The Active Management Value Ratio as a Cost-Benefit Framework: Integrating AI into Fiduciary Prudence Analysis

James W. Watkins, III, J.D., CFP EmeritusTM, AWMA®

I. Executive Summary
Several years ago, I created a simple metric, the Active Management Value Ratio™ (AMVR). The AMVR is based on the research and concepts of  investment icons such as Nobel laureate Dr. William F. Sharpe, Charles D. Ellis, and Burton G. Malkiel. The AMVR also incorporates the research of professor Ross Miller of the State University of New York, creator of the Active Expense Ratio.

The best way to measure a manager’s performance is to compare his or her return with that of a comparable passive investment.1

So, the incremental fees for an actively managed fund relative to its incremental returns shoud always be compared to the fees for a comparable index fund relative to its returns. When you do this, you’ll quickly see that the incremental fees for active management are really, really high – on average, over 100 of incremental returns.2

Past performance is not helpful in predicting future returns. The two variables that do the best job in pedicting future performance [of mutual funds] are expense ratios and turnover.3

Under fiduciary standards of prudence, investment decisions must reflect a reasoned evaluation of costs relative to expected benefits, assessed in the context of risk, diversification, and portfolio objectives.

The Active Management Value Ratio (AMVR) is best understood as a structured cost-benefit test:

  • Benefit = Incremental risk-adjusted return attributable to active management
  • Cost = Incremental correlated-adjusted costs required to obtain that return
  • Decision Metric = Whether correlation-adjusted incremental cost exceeds incremental risk-adjusted return.

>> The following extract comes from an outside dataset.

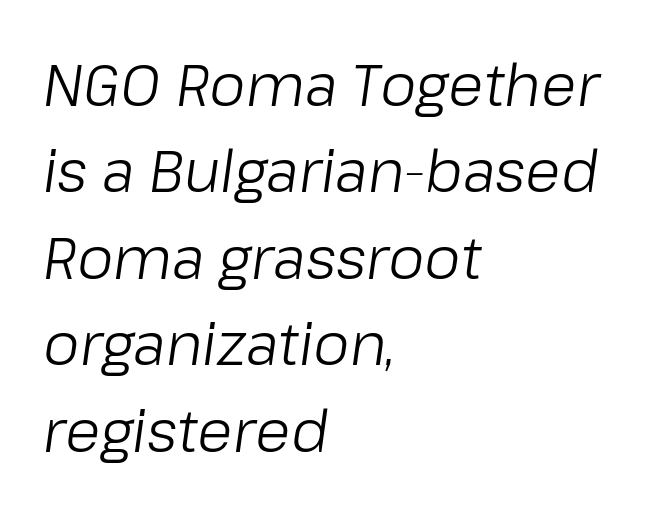
Nobody touched the tracking dial on this one. The letterforms sit at book weight or below. This sample has the flowing, uneven cadence of proportional lettering. Only glyphs here, with clear space below each row. Layout note: lines flush left.

Unlike simplistic comparisons of nominal return and expense ratios, AMVR incorporates:

  1. Incremental return (above a passive alternative)
  2. Risk-adjusted return (e.g., alpha)
  3. Cost net of correlated portfolio effects

AMVR aligns directly with fiduciary duty principles emphasizing prudence, reasonableness, and process discipline

II. Fiduciary Framework
Under longstanding fiduciary principles (including those applied under ERISA jurisprudence and trust law), prudence requires:

  • A reasoned decision-making process
  • Evaluation of alternatives
  • Cost awareness
  • Risk consideration
  • Diversification and portfolio context

Critically, fiduciary law does not require selection of the lowest-cost option. It requires selection of options whose costs are justified by expected benefits, evaluated in context.

Thus, a proper fiduciary analysis must address:

Do the incremental expected benefits of active management justify its incremental costs, after accounting for risk?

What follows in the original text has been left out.